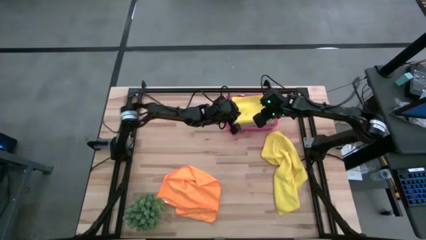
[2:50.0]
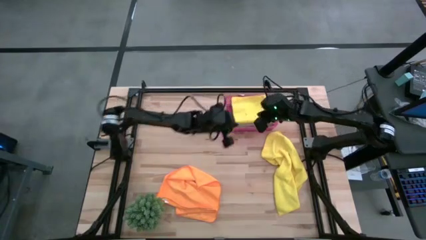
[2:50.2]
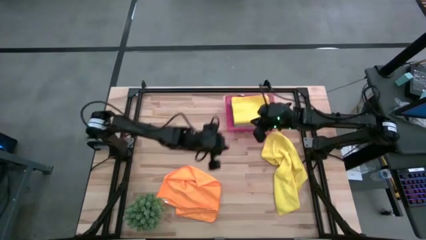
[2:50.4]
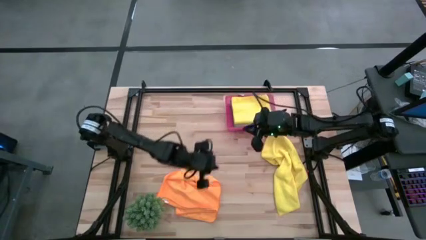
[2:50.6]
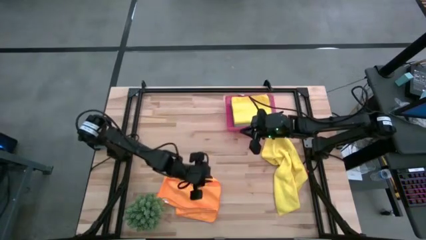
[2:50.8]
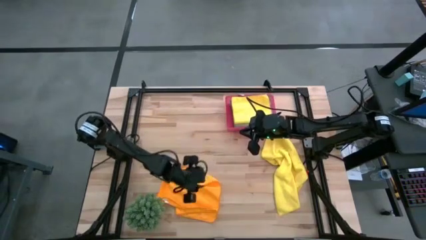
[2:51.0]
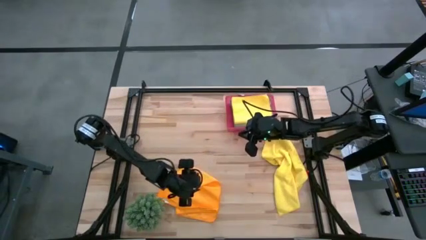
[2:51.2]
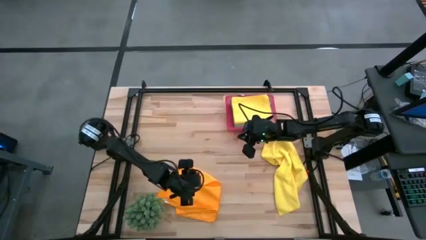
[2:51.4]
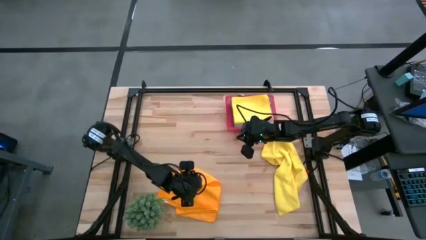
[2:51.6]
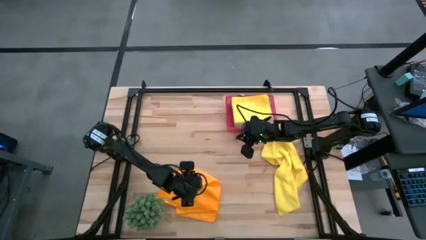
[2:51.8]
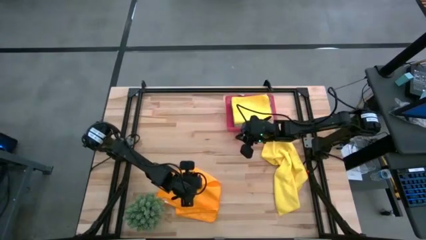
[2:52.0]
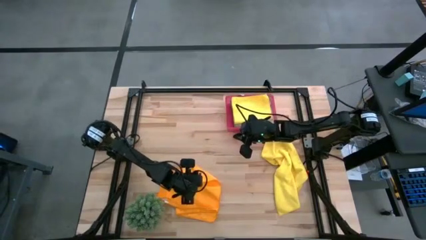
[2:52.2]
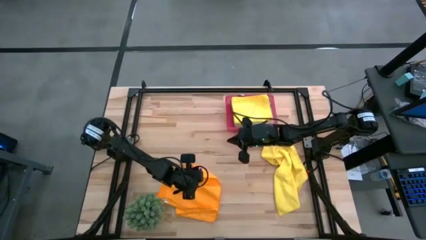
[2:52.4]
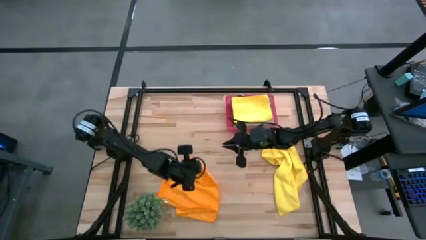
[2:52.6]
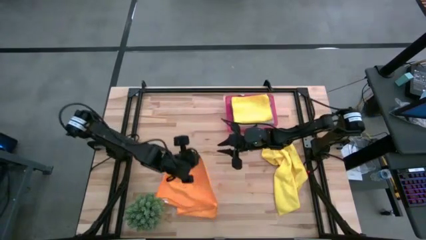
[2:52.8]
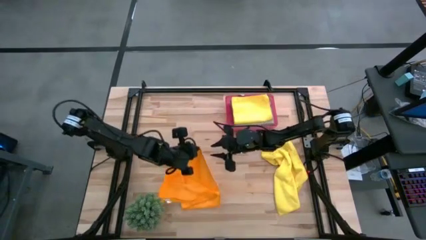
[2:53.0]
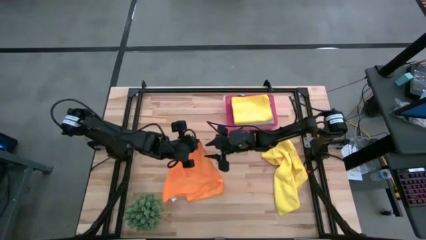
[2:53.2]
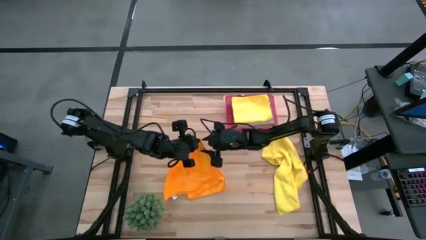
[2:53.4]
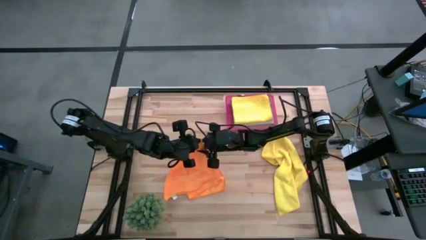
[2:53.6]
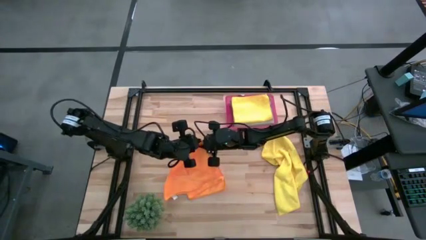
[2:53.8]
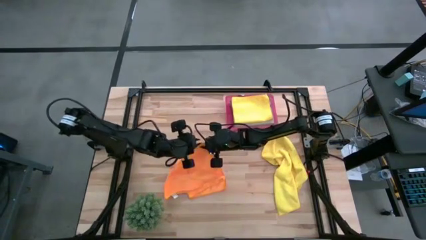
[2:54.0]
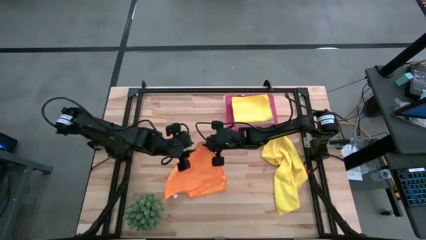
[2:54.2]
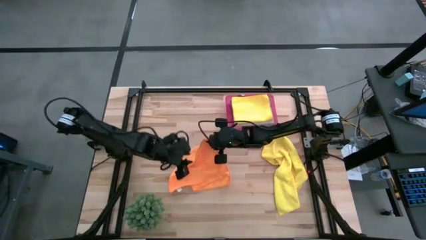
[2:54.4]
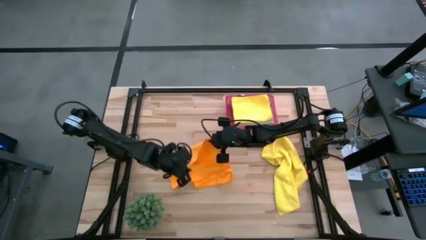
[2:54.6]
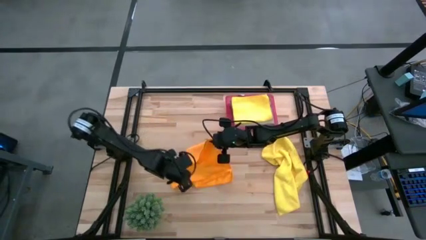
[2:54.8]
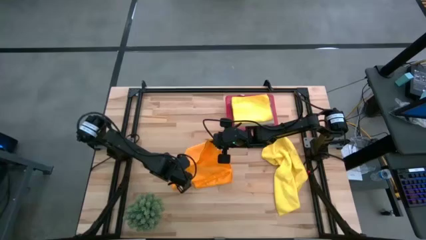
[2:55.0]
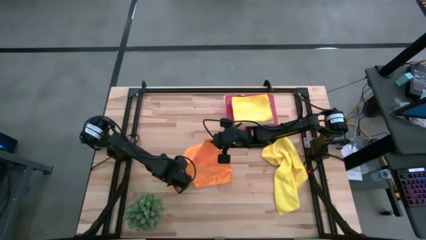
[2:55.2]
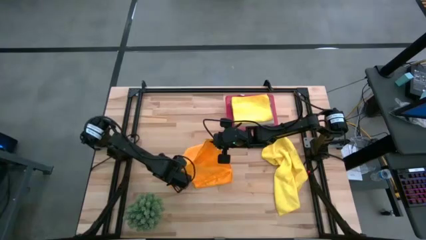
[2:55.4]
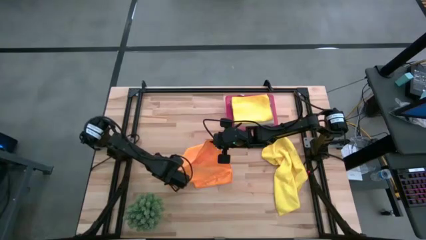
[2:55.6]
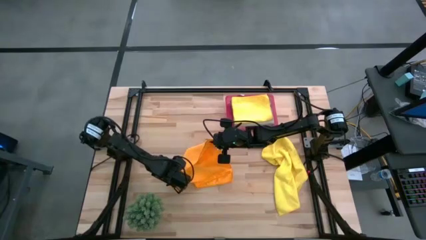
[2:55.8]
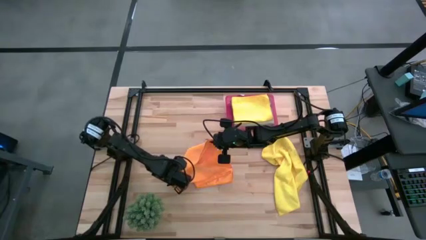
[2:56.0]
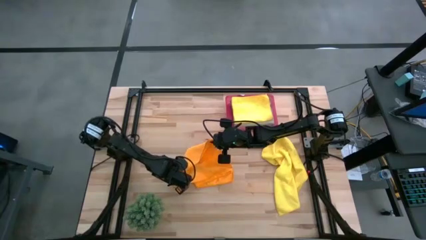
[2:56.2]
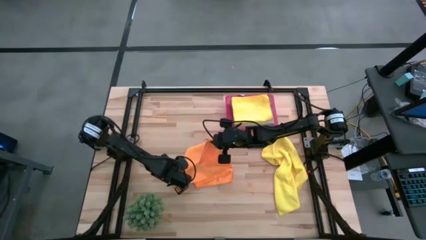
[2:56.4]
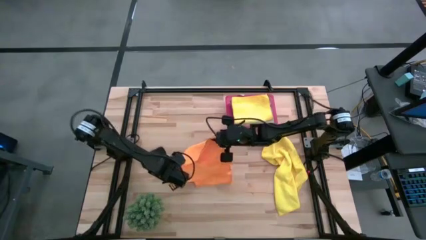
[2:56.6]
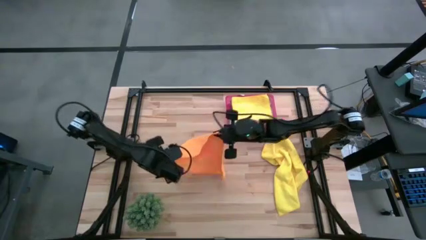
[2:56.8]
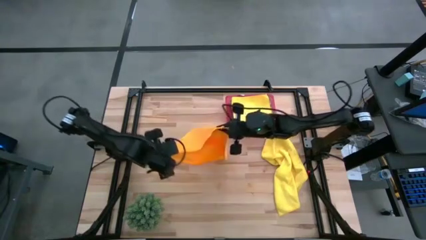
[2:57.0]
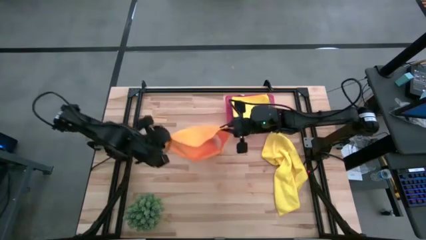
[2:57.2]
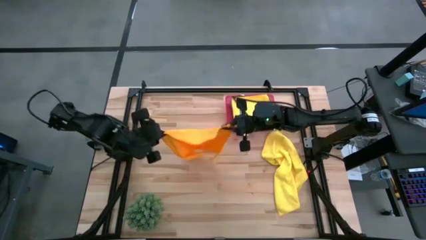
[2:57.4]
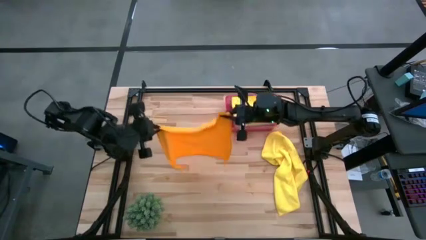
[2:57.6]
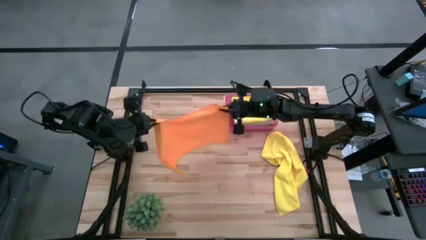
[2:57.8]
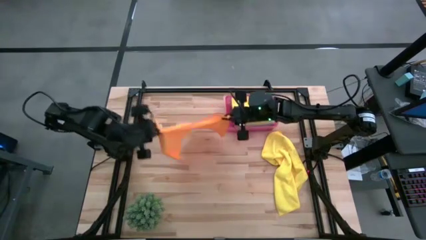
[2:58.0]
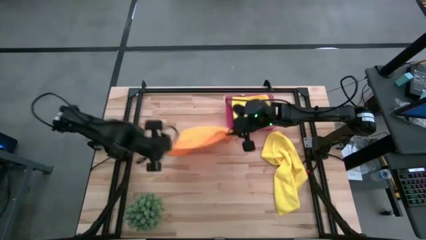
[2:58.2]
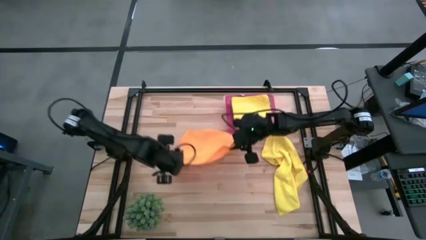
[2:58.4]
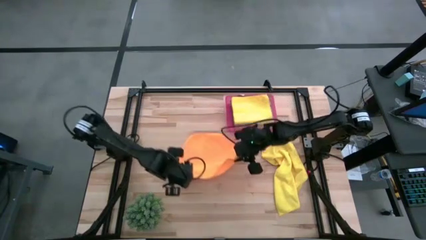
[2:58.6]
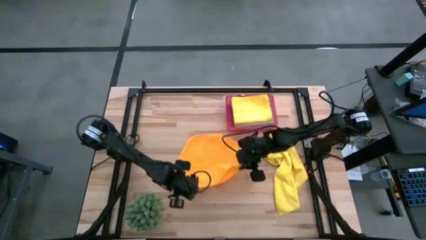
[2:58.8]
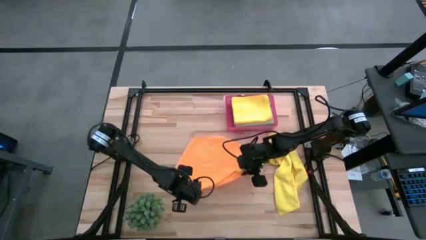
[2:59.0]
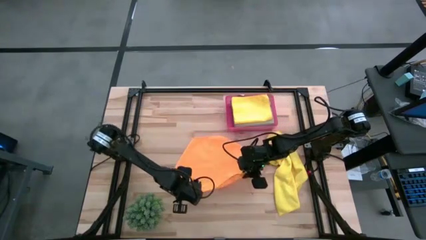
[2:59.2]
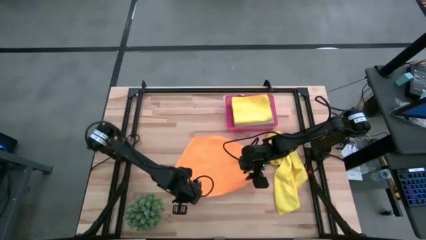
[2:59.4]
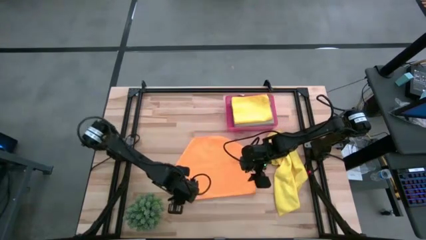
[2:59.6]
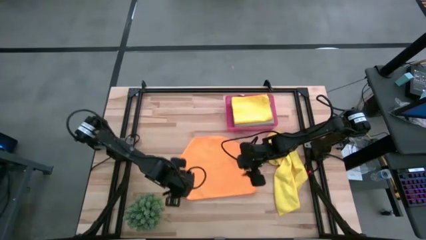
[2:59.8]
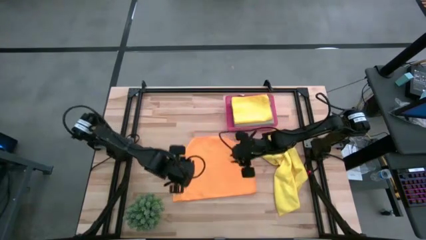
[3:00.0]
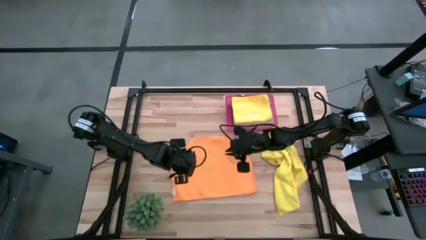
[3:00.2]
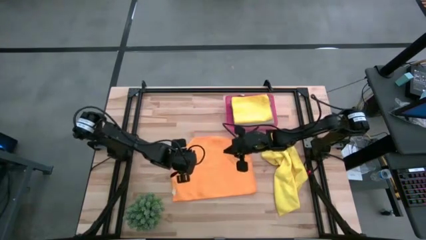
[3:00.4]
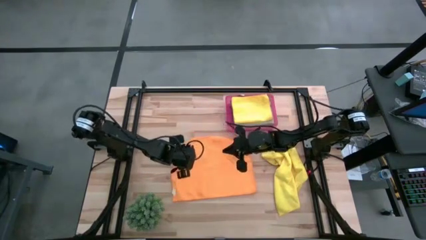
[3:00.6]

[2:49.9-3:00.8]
Task: Fold microfiber towels
Fold the orange microfiber cloth
========================================================================
■ **YOUR ASSIGNMENT**: Send back every line of the listing exactly. Omit the images.

■ **EXERCISE SOLUTION**:
[2:50.0]
[2:50.2]
[2:50.4]
[2:50.6]
[2:50.8]
[2:51.0]
[2:51.2]
[2:51.4]
[2:51.6]
[2:51.8]
[2:52.0]
[2:52.2]
[2:52.4]
[2:52.6]
[2:52.8]
[2:53.0]
[2:53.2]
[2:53.4]
[2:53.6]
[2:53.8]
[2:54.0]
[2:54.2]
[2:54.4]
[2:54.6]
[2:54.8]
[2:55.0]
[2:55.2]
[2:55.4]
[2:55.6]
[2:55.8]
[2:56.0]
[2:56.2]
[2:56.4]
[2:56.6]
[2:56.8]
[2:57.0]
[2:57.2]
[2:57.4]
[2:57.6]
[2:57.8]
[2:58.0]
[2:58.2]
[2:58.4]
[2:58.6]
[2:58.8]
[2:59.0]
[2:59.2]
[2:59.4]
[2:59.6]
[2:59.8]
[3:00.0]
[3:00.2]
[3:00.4]
[3:00.6]

[2:49.9-3:00.8]
Task: Fold microfiber towels
Fold the orange microfiber cloth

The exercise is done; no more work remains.